5. As the Spanish law enforcement officials began to
identify, arrest and pursue suspects, we worked with
other agencies in the embassy to obtain specific
identifying information so we could run name checks
through the CCD and check our own issuance records
We were disturbed to note that none of the names we
ran resulted in hits based on prior Visas Viper
Submissions. We learned that one person had been
issued a visa (not one of the principal
suspects), and we pulled up the application and
provided it to the VO duty officer, the RSO, DS duty
officer, Legat and others requesting with a need to
know. We reviewed our issuance practices, management
review of cases, and provided a context to those
requesting the applications so they could better
understand how we adjudicate cases and make our
decisions. For example, the issuance was to a non
Spanish citizen, but in the six weeks preceding the
bomb attacks, we had adjudicated applications from 90
different nationalities. This information was
essential for non-consular/visa officials to
understand why we might have
issued this individual.

Organizing Ourselves

6. One of the basic lessons learned for us, was
reviewing how we organized ourselves to accomplish our

- Regular meetings: We gathered regularly
with different groups, large and small. The
meetings were short and specific goals were
important.
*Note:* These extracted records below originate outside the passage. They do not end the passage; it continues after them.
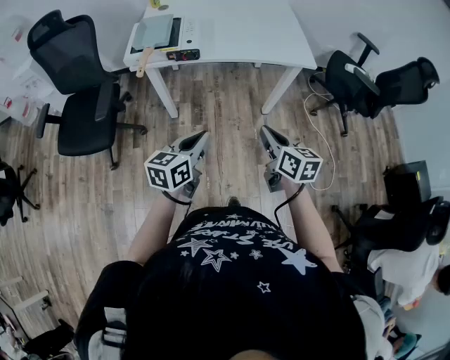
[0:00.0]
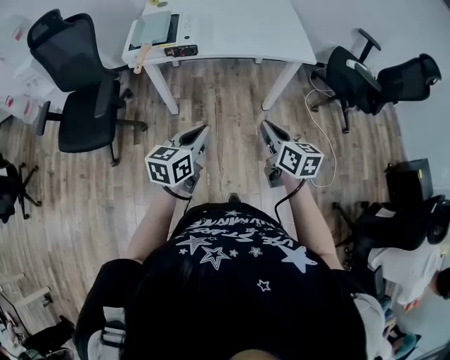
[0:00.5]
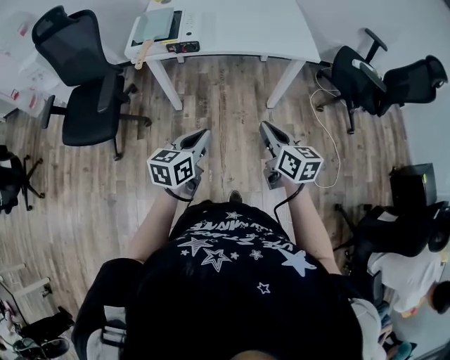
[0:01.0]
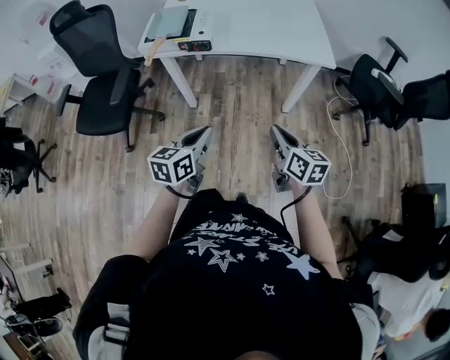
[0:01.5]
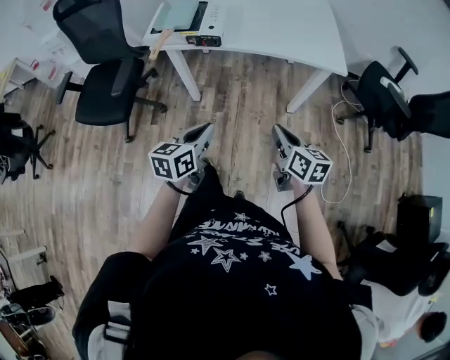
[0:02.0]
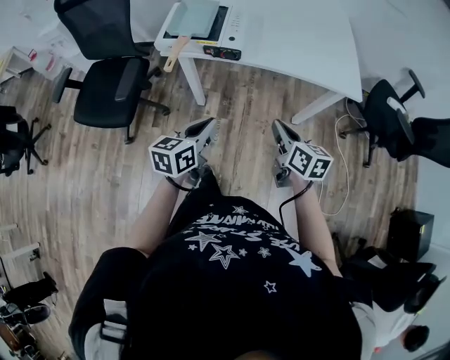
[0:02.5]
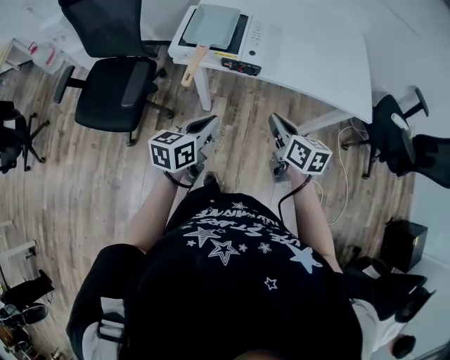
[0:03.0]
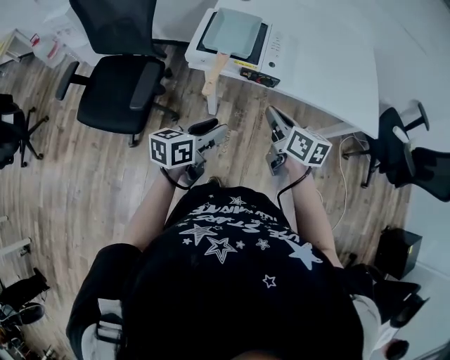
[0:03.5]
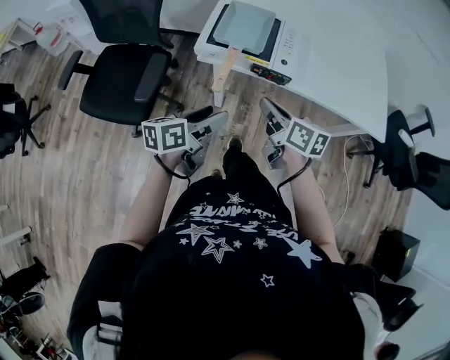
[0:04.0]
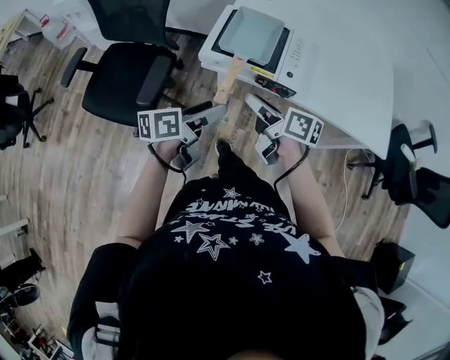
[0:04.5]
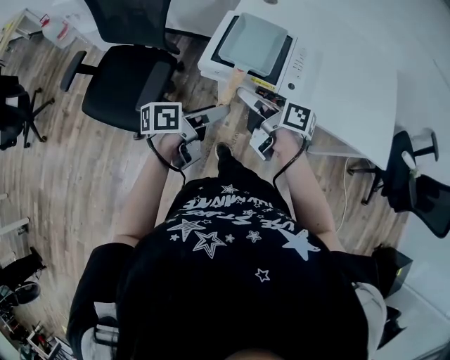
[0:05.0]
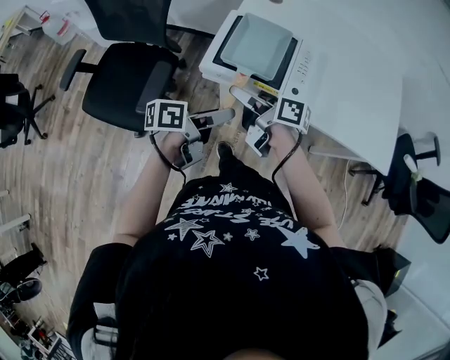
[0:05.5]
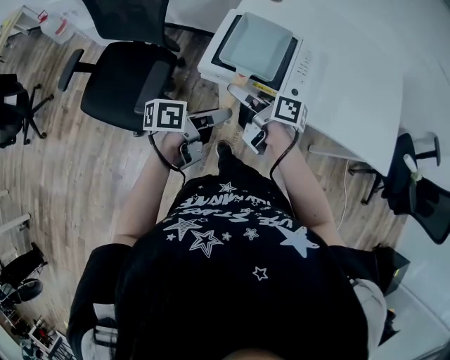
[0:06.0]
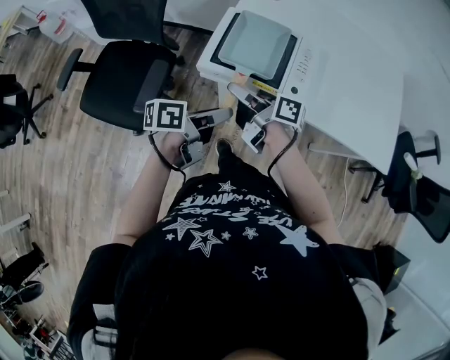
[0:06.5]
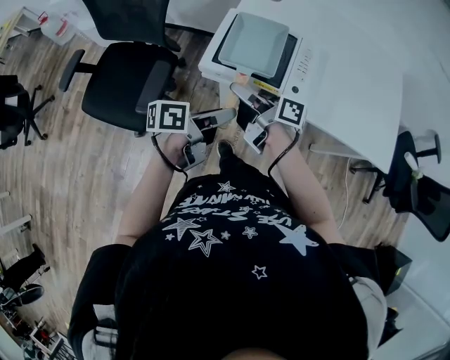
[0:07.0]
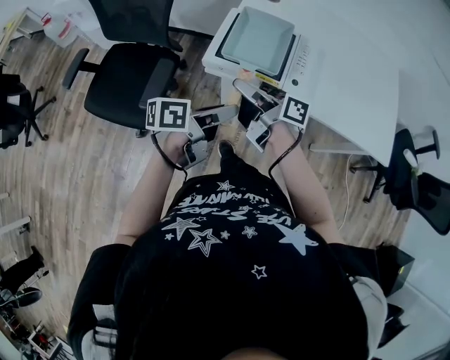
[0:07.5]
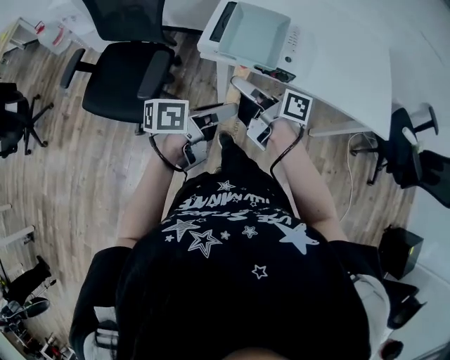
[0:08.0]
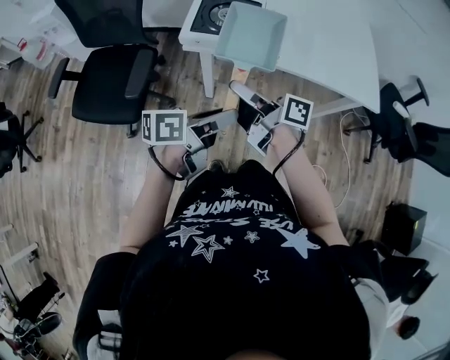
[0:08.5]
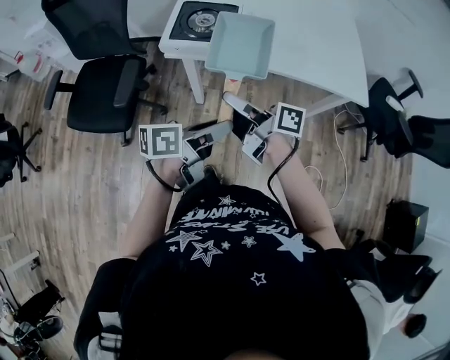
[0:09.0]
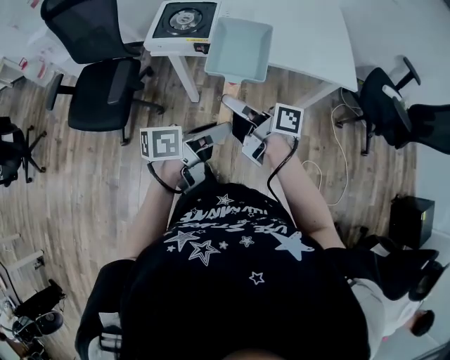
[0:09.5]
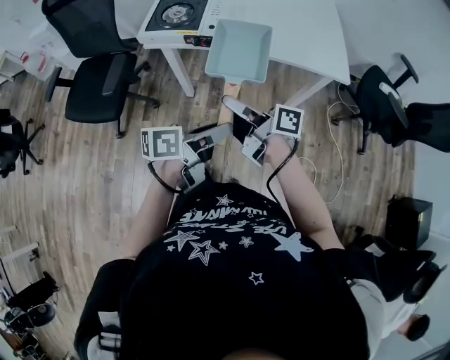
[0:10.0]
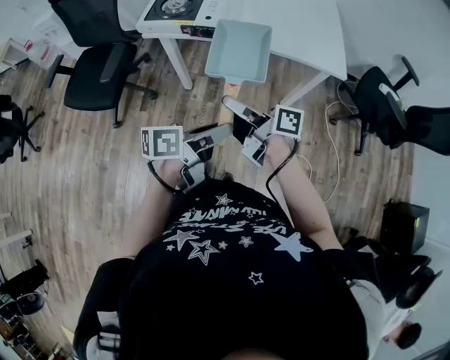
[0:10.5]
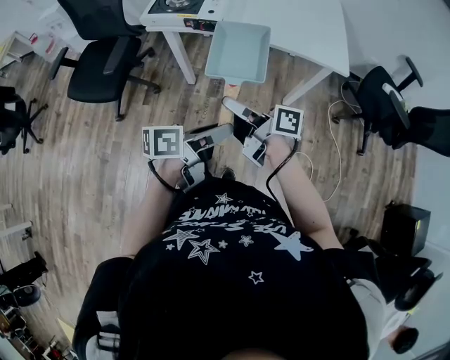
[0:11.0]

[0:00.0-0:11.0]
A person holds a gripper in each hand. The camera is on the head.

However, coming together as a
group helped us keep a feeling of teamwork as
we went about our individual tasks.

- Clear specific tasking: Each person needed
to be clear on his/her role. This enabled us
to concentrate, bring specifics to the
meetings, and not get distracted with
peripheral things.

- Created roster for after-hours work,
confirmed home and cell phone numbers. The
people who could stay, did, those with family
commitments could leave. We knew who could be
called in for back up, those needing rest
could get it.

- Email collectives - This was very important
for efficient communications especially when
you want to get information distributed but
phone lines are disrupted. Very efficient for
getting clear information in brief format.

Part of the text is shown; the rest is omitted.